6.05.2006

Notes from the Field

Last week, I returned from a trip to the south, crossing from Southeast Oromia into the SNNPR, from Shashemene to Dilla to Sodo, driving through lush, rolling coffeeland and huts sprouting out of the ubiquitous false banana plant (inset). One lorry we got caught behind had a massive thorn tree strapped to the back. I figured out why a few days later, when a similar lorry was unknowingly transporting two grinning boys perched on the back of the truck like geckos.

I thought I’d share a small glimpse of what I experience when I’m out in “the field,” as development workers somewhat patronizingly refer to the rural areas in which our programs run.

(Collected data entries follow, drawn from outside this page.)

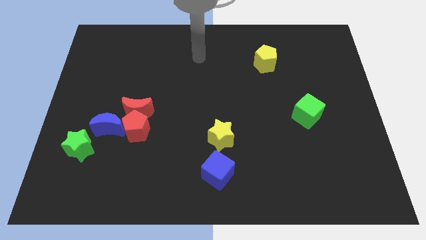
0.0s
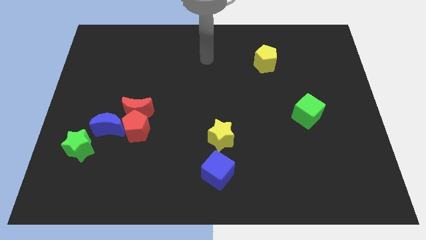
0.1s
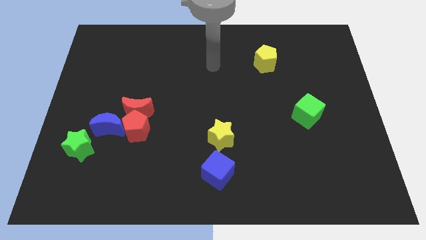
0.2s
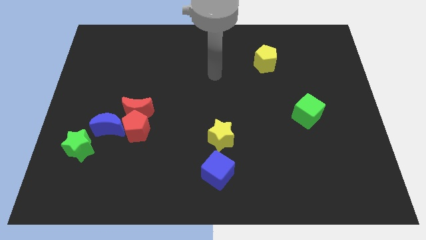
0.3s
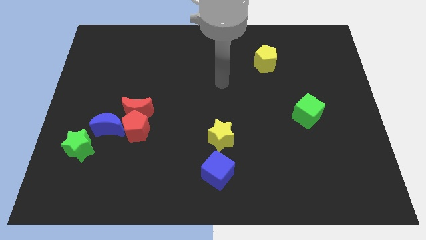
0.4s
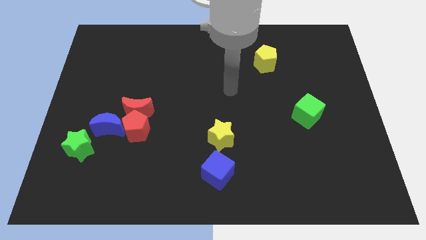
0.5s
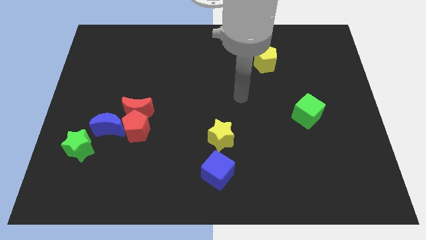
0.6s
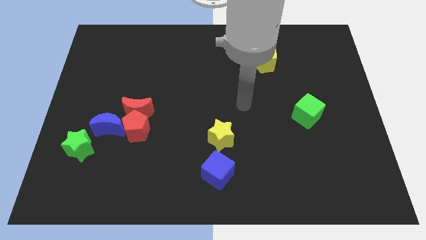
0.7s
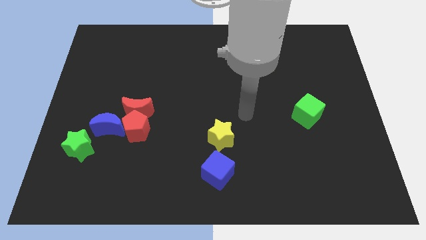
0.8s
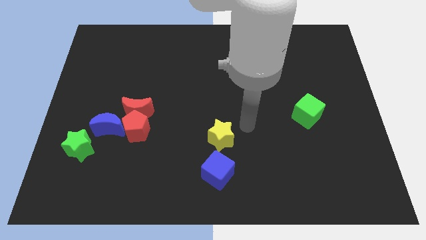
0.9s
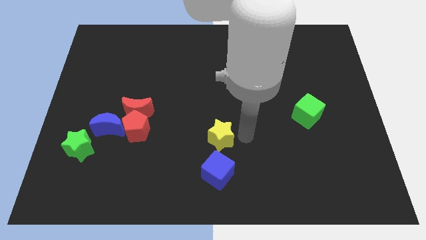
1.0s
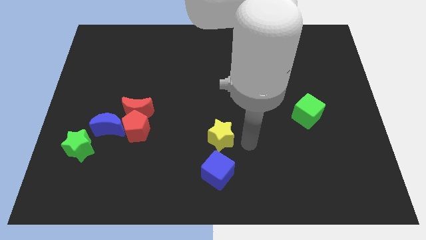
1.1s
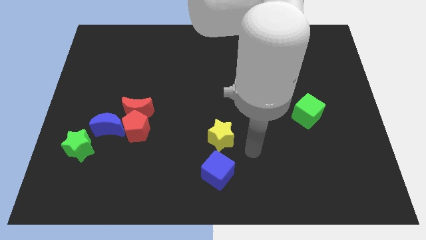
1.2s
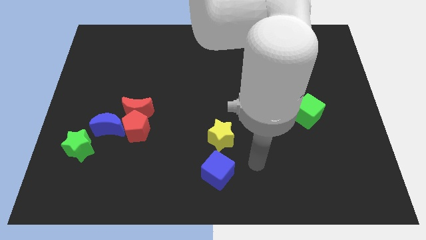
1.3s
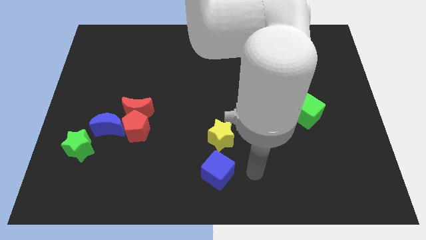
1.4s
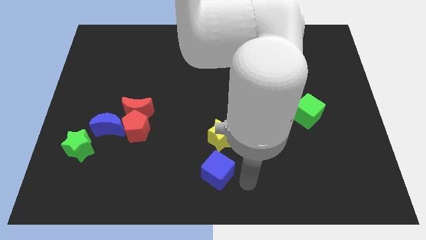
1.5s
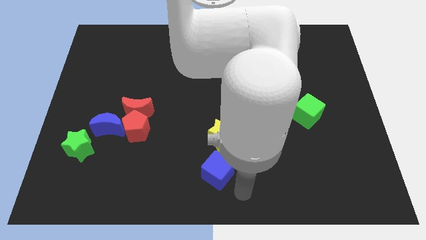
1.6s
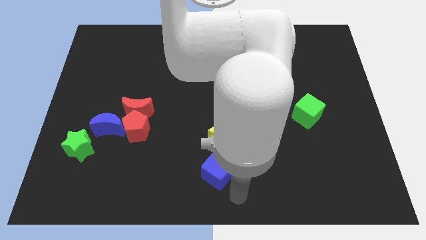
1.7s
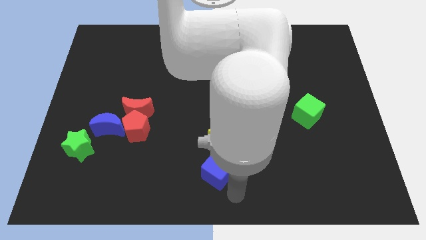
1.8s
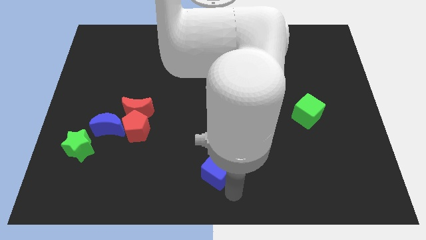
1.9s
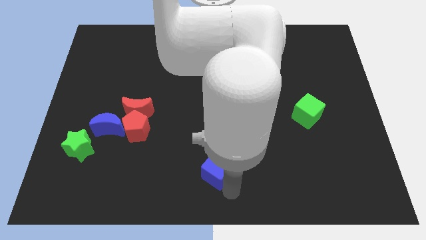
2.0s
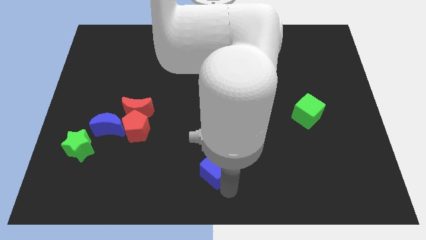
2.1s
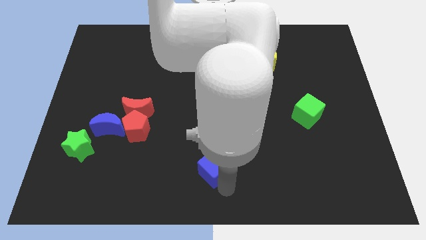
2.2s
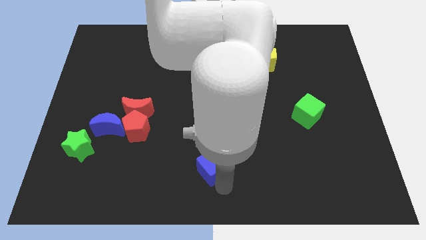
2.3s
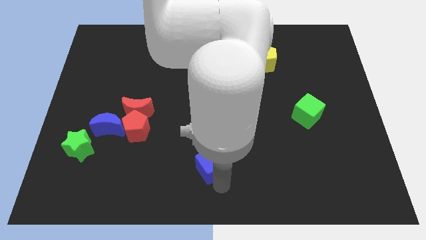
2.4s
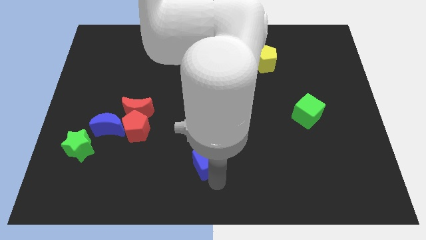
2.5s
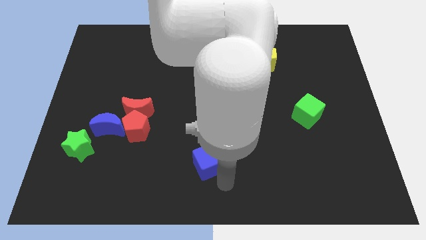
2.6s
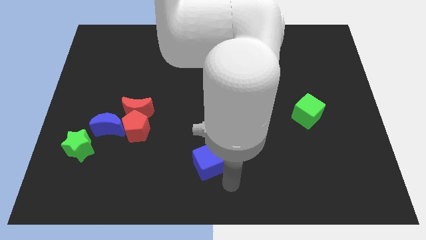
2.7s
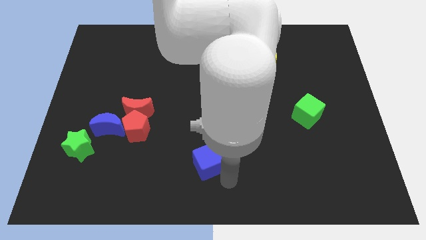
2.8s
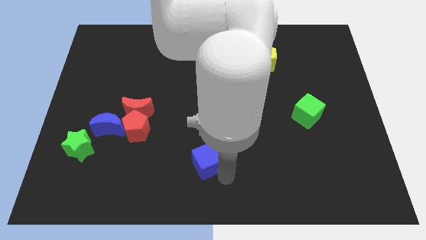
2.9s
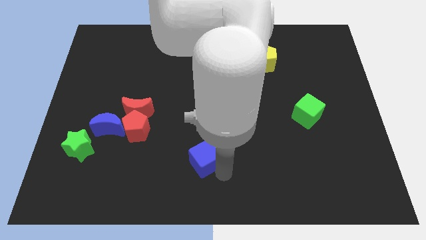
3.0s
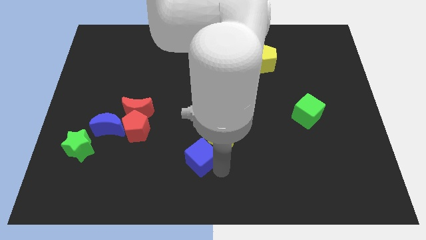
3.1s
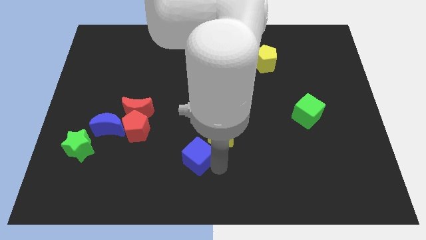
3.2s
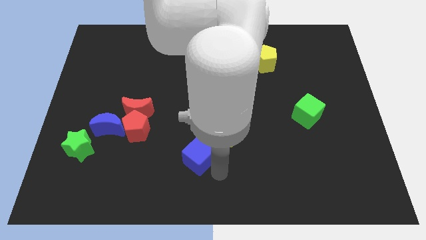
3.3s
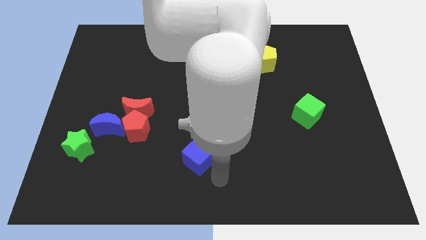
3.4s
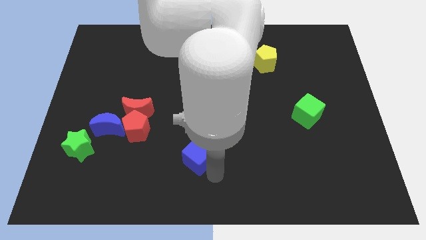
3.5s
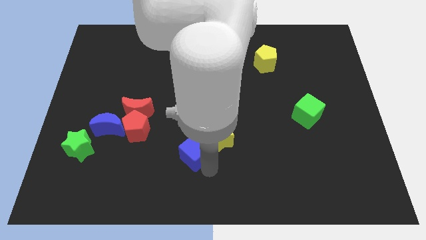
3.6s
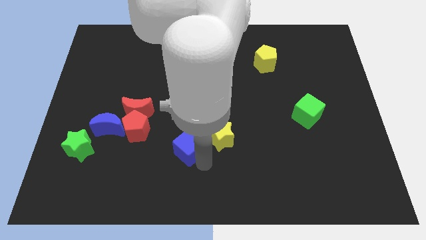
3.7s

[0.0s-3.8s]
slightly move the blue cube upwards and to the left

The first two days, I spent a lot of time at health centers in rural towns about an hour’s drive from the Rastafarian hub of Shashemene. All health centers in Ethiopia are built to the same exact dimensions: they are shaped like an H, have open-air waiting corridors, and almost none of them have running water in the facility. They have laboratories and nurses, but rarely house physicians, and cannot provide transportation or emergency care, including emergency obstetric care. There is a perennial shortage of drugs, most particularly of local anesthetics and treatment for STIs and respiratory infections. Sometimes, they even run out of gauze.

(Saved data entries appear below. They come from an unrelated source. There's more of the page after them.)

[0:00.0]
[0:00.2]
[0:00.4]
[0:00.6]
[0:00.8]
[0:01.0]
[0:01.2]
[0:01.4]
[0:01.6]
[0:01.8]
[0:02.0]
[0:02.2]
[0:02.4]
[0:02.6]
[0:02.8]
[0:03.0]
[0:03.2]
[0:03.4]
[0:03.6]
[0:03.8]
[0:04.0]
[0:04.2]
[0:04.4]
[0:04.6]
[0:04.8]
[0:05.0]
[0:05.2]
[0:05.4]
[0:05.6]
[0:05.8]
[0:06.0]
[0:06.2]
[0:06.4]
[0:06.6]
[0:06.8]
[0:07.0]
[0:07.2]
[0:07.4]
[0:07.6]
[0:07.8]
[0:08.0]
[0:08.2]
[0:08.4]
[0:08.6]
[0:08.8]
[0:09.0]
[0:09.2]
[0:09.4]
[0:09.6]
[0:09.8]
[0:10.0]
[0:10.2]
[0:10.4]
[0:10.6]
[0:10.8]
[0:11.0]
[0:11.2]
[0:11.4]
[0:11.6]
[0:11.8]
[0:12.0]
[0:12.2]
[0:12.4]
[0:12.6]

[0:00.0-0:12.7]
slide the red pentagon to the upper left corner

I was documenting an intense one or two-day service brought to these health centers in long-term family planning methods (Norplant and IUCD) which were previously unavailable in the area. Alerted to the service by a scattered network of community health workers, women would come from remote and inaccessible villages over 30 kilometers away, and wait patiently for hours to be screened and given a family planning method and/or a referral for antenatal care (if they found out they were pregnant) or STI treatment (for an infection discovered during the pelvic exam.) At least a third of them had babies, some of them newborn, wrapped to their backs and huddled in layers of woolen cloth, sleeping or wailing or breastfeeding as their mothers sat quietly. One woman was wrapped in a fleece blanket that said “2008 Olympics.” There was the usual overwhelming scent of rancid butter, eucalyptus smoke, and beriberi wafting along the packed corridors.

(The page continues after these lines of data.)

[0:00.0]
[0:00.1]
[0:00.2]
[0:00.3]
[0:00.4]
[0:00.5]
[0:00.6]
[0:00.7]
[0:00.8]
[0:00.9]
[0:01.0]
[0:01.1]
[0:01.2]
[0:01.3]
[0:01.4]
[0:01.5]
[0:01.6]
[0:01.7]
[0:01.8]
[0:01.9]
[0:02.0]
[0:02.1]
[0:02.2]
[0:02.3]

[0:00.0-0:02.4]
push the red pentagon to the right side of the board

Many of the women had the facial beauty tattoos common in rural areas, scoring their cheeks and chin and jaw line with dark, fuzzy lines. If you asked nicely, they would slide a fold of cloth aside and you could see the matted hair, crescent eyelids, and pale smooth skin of a tiny infant head. Some had husbands who came with them and awkwardly held the babies in their laps, still holding onto their dula (walking stick) or umbrella, while their wives were on the insertion table. We helped provide some women transport due to the rough topography and distances, and many had never been in a car before. So they got motion sickness, and the cars needed some deep cleaning immediately thereafter.

The first day, the apparent stagnation of the muddy and downtrodden rural setting was belied when one of the training supervisors, a gynecologist, told me that a few months ago and a few kilometers away, about 20 Christians had been slaughtered in their homes during a spurt of ethnic/religious strife. This area, like most in Ethiopia, supports what used to be successfully cohabiting beliefs: Muslim, Orthodox Christian, and a Catholic minority. Ethiopia has promoted religious tolerance for centuries, and for the most part the large Muslim and Orthodox Christian populations have survived in close quarters and without much strife until recent years. Among the woman waiting for the services, black-veiled Muslims huddled against Orthodox Christians with their wooden cross necklaces and forehead crucifix tattoos without any apparent tension. The obvious fact was that women of all faiths were desperate to stop the flood of “God’s blessings” in the form of children that they can’t feed…the exhortations of Popes, Patriarchs, and Imams be damned.